Denninger Jiyeon K, Walker Logan A, Chen Xi, Turkoglu Altan, Pan Alex, Tapp Zoe, Senthilvelan Sakthi, Rindani Raina, Kokiko-Cochran Olga N, Bundschuh Ralf, Yan Pearlly, Kirby Elizabeth D
Department of Psychology, College of Arts and Sciences, The Ohio State University, Columbus, OH, United States.
Department of Physics, College of Arts and Sciences, The Ohio State University, Columbus, OH, United States.
Front Mol Neurosci. 2022 Jan 31;15:810722. doi: 10.3389/fnmol.2022.810722. eCollection 2022.

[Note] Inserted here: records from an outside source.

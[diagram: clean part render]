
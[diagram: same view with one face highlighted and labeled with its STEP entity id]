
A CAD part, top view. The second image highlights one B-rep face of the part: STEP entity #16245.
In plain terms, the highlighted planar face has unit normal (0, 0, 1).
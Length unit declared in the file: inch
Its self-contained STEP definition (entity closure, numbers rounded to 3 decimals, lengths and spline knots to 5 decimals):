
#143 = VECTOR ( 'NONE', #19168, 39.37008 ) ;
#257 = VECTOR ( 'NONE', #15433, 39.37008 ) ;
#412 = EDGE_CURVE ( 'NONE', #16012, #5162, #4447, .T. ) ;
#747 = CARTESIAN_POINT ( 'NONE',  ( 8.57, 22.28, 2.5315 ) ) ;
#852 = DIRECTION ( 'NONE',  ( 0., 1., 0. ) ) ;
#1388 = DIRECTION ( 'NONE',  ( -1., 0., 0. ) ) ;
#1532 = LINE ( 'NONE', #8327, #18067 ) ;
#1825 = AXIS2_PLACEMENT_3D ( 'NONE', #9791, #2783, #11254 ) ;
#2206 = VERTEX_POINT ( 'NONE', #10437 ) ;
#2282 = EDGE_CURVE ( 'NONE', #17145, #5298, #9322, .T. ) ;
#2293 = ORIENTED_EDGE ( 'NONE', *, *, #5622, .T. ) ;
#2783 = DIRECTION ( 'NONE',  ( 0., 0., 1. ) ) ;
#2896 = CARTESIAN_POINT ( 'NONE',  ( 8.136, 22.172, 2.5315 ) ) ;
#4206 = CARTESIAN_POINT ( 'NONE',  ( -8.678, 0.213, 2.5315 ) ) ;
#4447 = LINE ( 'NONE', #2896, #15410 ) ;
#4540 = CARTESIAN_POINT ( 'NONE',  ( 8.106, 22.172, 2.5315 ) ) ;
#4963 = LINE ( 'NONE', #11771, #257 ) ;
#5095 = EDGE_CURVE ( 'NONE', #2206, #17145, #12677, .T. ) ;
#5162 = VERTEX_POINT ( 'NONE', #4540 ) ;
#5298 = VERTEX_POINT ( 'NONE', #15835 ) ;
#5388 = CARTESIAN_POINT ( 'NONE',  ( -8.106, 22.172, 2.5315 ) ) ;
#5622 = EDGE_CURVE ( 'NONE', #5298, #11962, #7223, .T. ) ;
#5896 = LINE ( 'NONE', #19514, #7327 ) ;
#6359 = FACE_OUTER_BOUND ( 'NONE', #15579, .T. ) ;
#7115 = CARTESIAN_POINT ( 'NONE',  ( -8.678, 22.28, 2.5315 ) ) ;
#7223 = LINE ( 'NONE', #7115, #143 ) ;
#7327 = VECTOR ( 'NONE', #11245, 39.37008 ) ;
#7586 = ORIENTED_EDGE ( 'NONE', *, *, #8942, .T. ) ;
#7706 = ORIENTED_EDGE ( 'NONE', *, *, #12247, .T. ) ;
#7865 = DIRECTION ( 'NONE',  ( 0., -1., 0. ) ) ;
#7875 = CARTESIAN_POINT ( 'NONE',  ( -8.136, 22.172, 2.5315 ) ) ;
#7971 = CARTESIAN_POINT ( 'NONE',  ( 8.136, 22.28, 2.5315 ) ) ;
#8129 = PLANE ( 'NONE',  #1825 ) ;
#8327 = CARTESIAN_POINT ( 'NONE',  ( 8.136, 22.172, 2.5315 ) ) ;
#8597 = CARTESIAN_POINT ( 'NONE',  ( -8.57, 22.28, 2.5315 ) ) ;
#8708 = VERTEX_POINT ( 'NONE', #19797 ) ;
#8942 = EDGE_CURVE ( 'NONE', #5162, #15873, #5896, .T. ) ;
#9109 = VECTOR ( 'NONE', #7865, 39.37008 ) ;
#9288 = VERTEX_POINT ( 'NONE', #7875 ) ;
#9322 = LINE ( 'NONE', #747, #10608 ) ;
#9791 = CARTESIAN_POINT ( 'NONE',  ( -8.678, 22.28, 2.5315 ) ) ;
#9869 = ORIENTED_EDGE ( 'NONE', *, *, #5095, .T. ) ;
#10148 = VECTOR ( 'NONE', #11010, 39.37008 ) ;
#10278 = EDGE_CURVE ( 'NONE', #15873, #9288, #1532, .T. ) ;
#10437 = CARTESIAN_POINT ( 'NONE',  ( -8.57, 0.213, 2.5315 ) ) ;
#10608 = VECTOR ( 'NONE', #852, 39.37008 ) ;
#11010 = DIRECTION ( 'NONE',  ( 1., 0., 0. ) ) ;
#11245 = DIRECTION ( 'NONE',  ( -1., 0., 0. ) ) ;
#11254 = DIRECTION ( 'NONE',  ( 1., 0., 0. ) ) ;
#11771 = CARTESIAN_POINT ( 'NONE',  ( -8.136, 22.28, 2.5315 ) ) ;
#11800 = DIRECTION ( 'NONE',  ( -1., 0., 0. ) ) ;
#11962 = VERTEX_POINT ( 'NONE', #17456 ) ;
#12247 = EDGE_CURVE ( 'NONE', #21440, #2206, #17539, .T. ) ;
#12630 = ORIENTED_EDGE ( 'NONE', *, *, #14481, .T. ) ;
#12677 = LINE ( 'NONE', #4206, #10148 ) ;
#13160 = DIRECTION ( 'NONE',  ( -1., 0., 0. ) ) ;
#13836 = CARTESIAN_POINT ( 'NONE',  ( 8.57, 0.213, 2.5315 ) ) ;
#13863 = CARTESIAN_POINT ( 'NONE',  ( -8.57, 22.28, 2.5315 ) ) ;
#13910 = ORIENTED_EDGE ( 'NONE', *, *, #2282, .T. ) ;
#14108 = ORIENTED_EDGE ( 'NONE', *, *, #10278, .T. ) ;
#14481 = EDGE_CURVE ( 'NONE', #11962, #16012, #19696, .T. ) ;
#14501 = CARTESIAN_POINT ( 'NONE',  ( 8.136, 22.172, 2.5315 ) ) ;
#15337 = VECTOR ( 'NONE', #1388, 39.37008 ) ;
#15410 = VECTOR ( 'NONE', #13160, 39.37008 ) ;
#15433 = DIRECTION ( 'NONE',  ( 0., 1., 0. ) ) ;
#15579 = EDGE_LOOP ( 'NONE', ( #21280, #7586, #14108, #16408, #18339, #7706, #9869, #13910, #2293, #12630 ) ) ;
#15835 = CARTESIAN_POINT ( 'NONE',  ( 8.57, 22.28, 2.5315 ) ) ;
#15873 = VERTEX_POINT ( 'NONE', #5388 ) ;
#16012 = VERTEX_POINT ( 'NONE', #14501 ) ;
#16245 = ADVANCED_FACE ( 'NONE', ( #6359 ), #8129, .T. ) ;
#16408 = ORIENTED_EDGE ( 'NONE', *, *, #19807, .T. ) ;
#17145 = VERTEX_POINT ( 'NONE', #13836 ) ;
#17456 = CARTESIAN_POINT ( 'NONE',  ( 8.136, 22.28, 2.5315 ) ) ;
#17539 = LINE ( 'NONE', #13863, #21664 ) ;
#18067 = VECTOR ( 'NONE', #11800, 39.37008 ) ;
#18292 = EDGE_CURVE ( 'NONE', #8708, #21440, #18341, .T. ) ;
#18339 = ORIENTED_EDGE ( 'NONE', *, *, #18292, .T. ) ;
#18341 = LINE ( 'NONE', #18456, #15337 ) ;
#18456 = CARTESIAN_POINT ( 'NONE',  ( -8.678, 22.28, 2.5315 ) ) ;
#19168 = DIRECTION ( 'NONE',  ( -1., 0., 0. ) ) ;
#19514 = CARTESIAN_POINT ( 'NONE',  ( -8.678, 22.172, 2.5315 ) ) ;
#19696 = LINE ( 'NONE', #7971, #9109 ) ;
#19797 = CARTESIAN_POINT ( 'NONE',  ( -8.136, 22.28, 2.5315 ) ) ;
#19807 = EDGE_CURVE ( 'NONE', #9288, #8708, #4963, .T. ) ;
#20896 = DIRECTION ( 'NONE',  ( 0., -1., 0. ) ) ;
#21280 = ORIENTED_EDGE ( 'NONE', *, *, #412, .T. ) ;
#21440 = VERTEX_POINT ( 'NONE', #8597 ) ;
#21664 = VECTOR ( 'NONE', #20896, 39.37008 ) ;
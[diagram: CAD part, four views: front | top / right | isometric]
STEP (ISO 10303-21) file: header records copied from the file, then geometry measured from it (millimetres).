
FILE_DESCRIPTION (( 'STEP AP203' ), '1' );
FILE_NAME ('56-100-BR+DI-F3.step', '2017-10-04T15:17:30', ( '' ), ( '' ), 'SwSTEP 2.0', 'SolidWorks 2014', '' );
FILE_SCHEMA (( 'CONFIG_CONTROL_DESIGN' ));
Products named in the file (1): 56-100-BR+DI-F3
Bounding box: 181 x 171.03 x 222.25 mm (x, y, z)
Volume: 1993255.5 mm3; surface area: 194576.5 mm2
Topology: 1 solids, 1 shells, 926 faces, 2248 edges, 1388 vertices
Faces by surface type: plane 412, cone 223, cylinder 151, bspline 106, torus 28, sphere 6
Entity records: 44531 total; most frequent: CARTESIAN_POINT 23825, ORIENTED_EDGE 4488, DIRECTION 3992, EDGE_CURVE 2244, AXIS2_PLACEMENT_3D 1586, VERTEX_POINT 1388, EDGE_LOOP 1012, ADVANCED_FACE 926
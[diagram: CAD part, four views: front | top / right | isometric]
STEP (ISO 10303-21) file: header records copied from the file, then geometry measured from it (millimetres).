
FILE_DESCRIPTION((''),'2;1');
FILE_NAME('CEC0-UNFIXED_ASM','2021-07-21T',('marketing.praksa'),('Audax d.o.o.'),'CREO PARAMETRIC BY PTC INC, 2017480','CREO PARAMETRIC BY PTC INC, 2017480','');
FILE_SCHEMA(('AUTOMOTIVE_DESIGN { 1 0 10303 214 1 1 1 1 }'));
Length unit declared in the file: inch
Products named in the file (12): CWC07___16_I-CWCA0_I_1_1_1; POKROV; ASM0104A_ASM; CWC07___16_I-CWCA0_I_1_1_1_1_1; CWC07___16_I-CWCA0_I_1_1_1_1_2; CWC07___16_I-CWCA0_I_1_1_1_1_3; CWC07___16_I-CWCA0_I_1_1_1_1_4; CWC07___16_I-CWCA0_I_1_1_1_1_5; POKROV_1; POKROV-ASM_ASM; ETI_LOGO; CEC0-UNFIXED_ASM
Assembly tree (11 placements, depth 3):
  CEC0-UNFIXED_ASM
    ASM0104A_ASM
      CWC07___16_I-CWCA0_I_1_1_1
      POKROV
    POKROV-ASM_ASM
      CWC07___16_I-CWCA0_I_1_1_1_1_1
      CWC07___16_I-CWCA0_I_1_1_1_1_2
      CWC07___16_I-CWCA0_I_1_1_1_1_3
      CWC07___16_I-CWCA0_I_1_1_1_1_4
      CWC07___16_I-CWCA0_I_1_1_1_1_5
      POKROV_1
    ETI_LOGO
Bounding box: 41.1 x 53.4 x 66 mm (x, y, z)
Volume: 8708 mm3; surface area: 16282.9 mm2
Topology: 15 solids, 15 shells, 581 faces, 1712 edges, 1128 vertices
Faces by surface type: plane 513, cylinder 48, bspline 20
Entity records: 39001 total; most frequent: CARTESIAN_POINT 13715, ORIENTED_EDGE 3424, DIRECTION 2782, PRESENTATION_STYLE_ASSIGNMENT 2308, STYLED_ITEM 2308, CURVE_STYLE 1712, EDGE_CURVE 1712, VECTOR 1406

Multipotent neural stem cells (NSCs) are found in several isolated niches of the adult mammalian brain where they have unique potential to assist in tissue repair. Modern transcriptomics offer high-throughput methods for identifying disease or injury associated gene expression signatures in endogenous adult NSCs, but they require adaptation to accommodate the rarity of NSCs. Bulk RNA sequencing (RNAseq) of NSCs requires pooling several mice, which impedes application to labor-intensive injury models. Alternatively, single cell RNAseq can profile hundreds to thousands of cells from a single mouse and is increasingly used to study NSCs. The consequences of the low RNA input from a single NSC on downstream identification of differentially expressed genes (DEGs) remains insufficiently explored. Here, to clarify the role that low RNA input plays in NSC DEG identification, we directly compared DEGs in an oxidative stress model of cultured NSCs by bulk and single cell sequencing. While both methods yielded DEGs that were replicable, single cell sequencing using the 10X Chromium platform yielded DEGs derived from genes with higher relative transcript counts compared to non-DEGs and exhibited smaller fold changes than DEGs identified by bulk RNAseq. The loss of high fold-change DEGs in the single cell platform presents an important limitation for identifying disease-relevant genes. To facilitate identification of such genes, we determined an RNA-input threshold that enables transcriptional profiling of NSCs comparable to standard bulk sequencing and used it to establish a workflow for profiling of endogenous NSCs. We then applied this workflow to identify DEGs after lateral fluid percussion injury, a labor-intensive animal model of traumatic brain injury. Our work joins an emerging body of evidence suggesting that single cell RNA sequencing may underestimate the diversity of pathologic DEGs. However, our data also suggest that population level transcriptomic analysis can be adapted to capture more of these DEGs with similar efficacy and diversity as standard bulk sequencing. Together, our data and workflow will be useful for investigators interested in understanding and manipulating adult hippocampal NSC responses to various stimuli.
多能神经干细胞(NSCs)存在于成年哺乳动物大脑的几个孤立微环境中,在这些微环境中它们具有协助组织修复的独特潜力。现代转录组学提供了高通量方法来识别内源性成年神经干细胞中与疾病或损伤相关的基因表达特征,但需要进行调整以适应神经干细胞的稀缺性。对神经干细胞进行批量RNA测序(RNAseq)需要汇集几只小鼠,这阻碍了其在劳动密集型损伤模型中的应用。另外,单细胞RNAseq可以对来自一只小鼠的数百到数千个细胞进行分析,并且越来越多地用于研究神经干细胞。单个神经干细胞的低RNA输入量对下游差异表达基因(DEGs)鉴定的影响仍未得到充分探索。在这里,为了阐明低RNA输入在神经干细胞DEG鉴定中的作用,我们通过批量测序和单细胞测序直接比较了培养的神经干细胞氧化应激模型中的DEGs。虽然两种方法都产生了可重复的DEGs,但使用10X Chromium平台的单细胞测序产生的DEGs来自相对转录本计数高于非DEGs的基因,并且与批量RNAseq鉴定的DEGs相比,其倍数变化更小。单细胞平台中高倍数变化DEGs的缺失对识别疾病相关基因提出了一个重要限制。为了便于识别此类基因,我们确定了一个RNA输入阈值,该阈值能够实现与标准批量测序相当的神经干细胞转录谱分析,并使用它建立了一个内源性神经干细胞分析的工作流程。然后,我们将此工作流程应用于在侧方流体冲击伤(一种劳动密集型创伤性脑损伤动物模型)后鉴定DEGs。我们的工作加入了越来越多的证据,表明单细胞RNA测序可能低估了病理性DEGs的多样性。然而,我们的数据也表明,群体水平的转录组分析可以进行调整,以与标准批量测序类似的功效和多样性捕获更多这些DEGs。总之,我们的数据和工作流程将对有兴趣了解和操纵成年海马神经干细胞对各种刺激反应的研究人员有用。